======== Provided data

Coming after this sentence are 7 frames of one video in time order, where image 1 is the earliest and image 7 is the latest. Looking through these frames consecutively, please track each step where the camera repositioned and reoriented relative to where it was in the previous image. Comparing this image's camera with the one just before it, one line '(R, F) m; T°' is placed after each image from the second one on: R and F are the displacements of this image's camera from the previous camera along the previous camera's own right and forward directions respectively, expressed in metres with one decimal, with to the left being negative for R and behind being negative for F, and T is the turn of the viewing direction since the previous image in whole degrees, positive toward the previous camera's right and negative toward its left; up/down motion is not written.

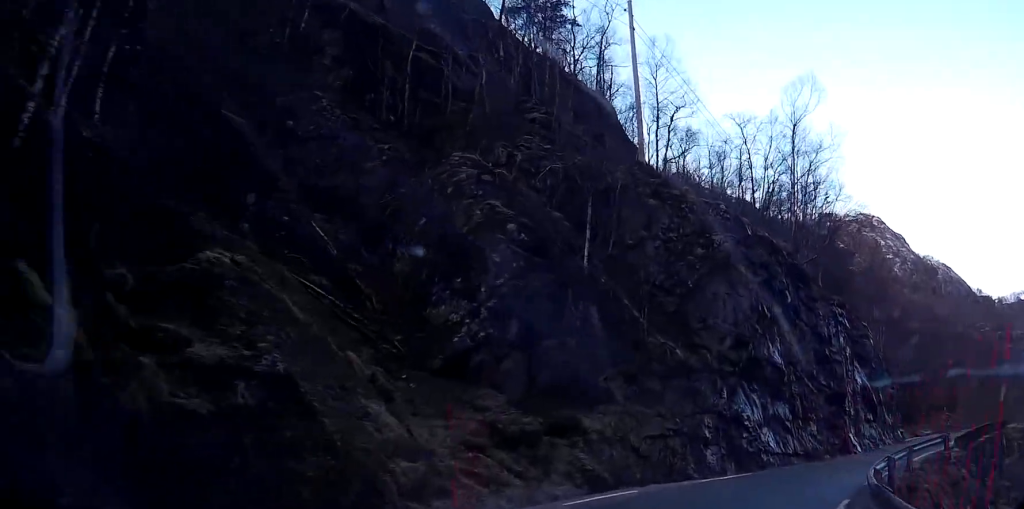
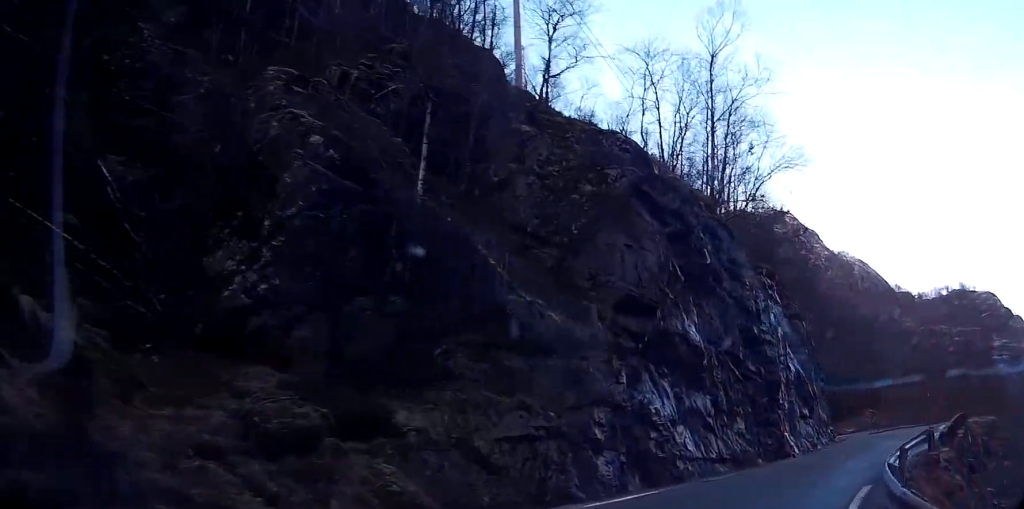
(+0.3, +4.6) m; +8°
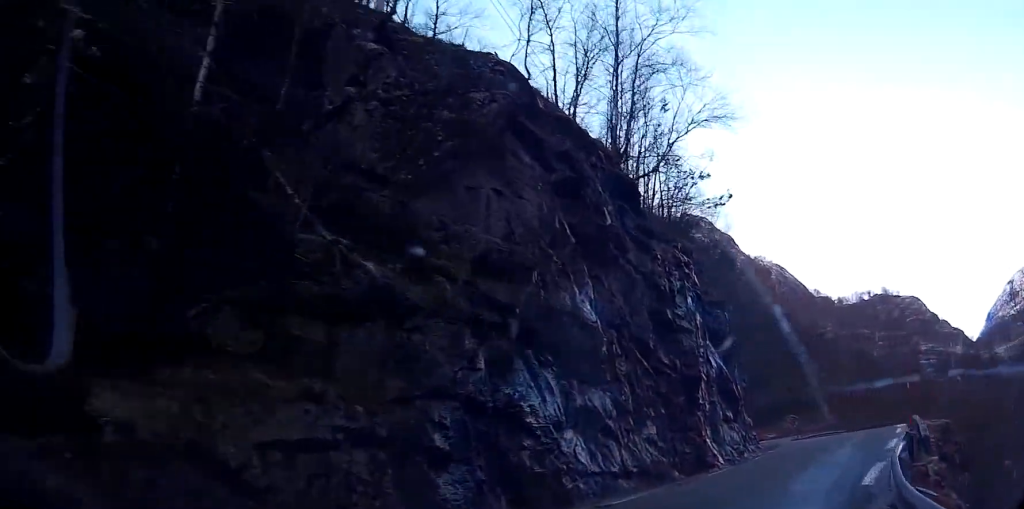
(+0.2, +3.9) m; +5°
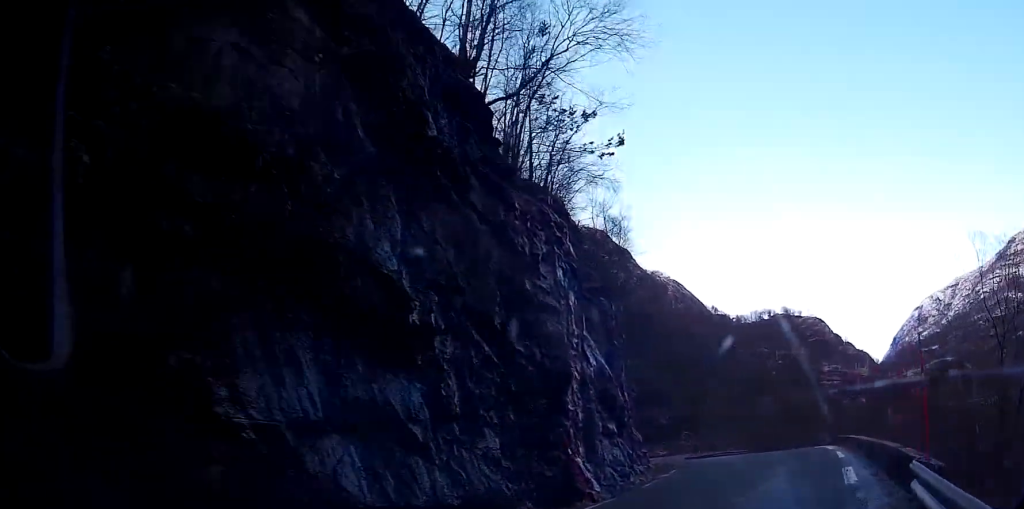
(+0.5, +5.5) m; +4°
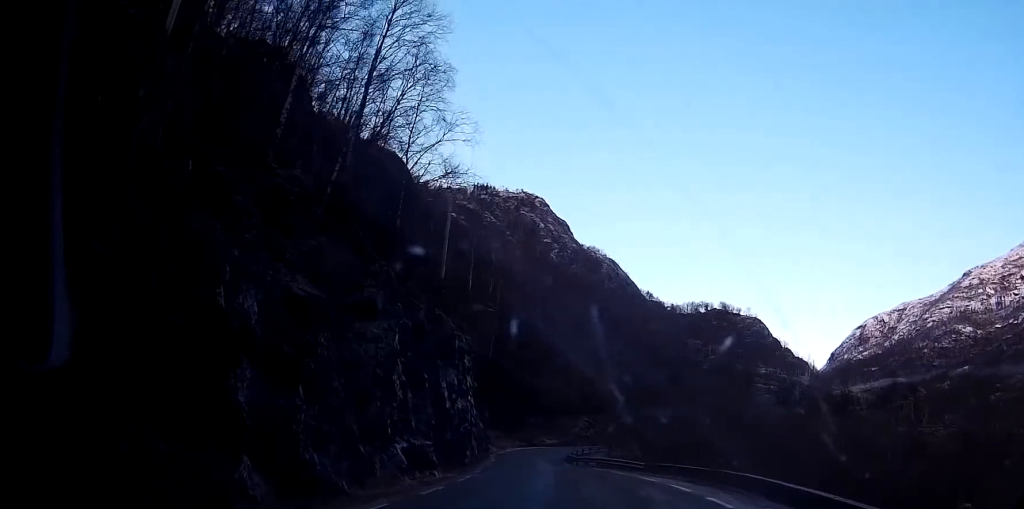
(-3.9, +27.2) m; -27°
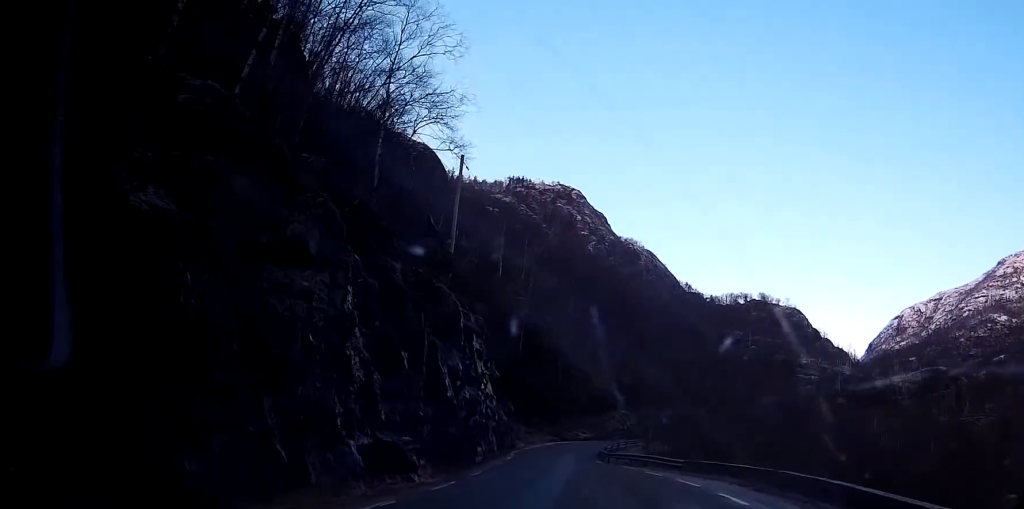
(-0.8, +7.7) m; -7°
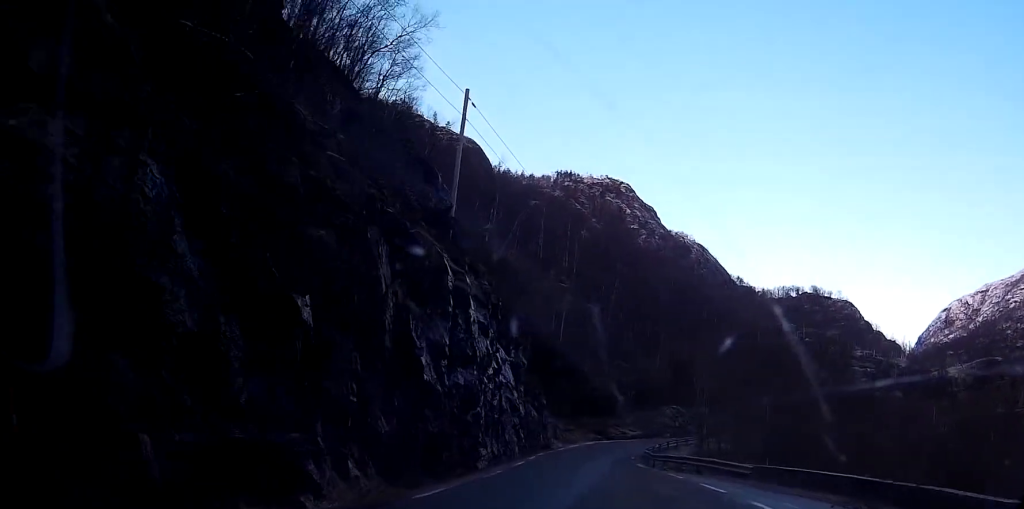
(-0.3, +13.4) m; -2°

================

* _Exercise directions_
Repeat the material exactly as it reads, without any of its pictures.

* _Final answer_
Coming after this sentence are 7 frames of one video in time order, where image 1 is the earliest and image 7 is the latest. Looking through these frames consecutively, please track each step where the camera repositioned and reoriented relative to where it was in the previous image. Comparing this image's camera with the one just before it, one line '(R, F) m; T°' is placed after each image from the second one on: R and F are the displacements of this image's camera from the previous camera along the previous camera's own right and forward directions respectively, expressed in metres with one decimal, with to the left being negative for R and behind being negative for F, and T is the turn of the viewing direction since the previous image in whole degrees, positive toward the previous camera's right and negative toward its left; up/down motion is not written.

(+0.3, +4.6) m; +8°
(+0.2, +3.9) m; +5°
(+0.5, +5.5) m; +4°
(-3.9, +27.2) m; -27°
(-0.8, +7.7) m; -7°
(-0.3, +13.4) m; -2°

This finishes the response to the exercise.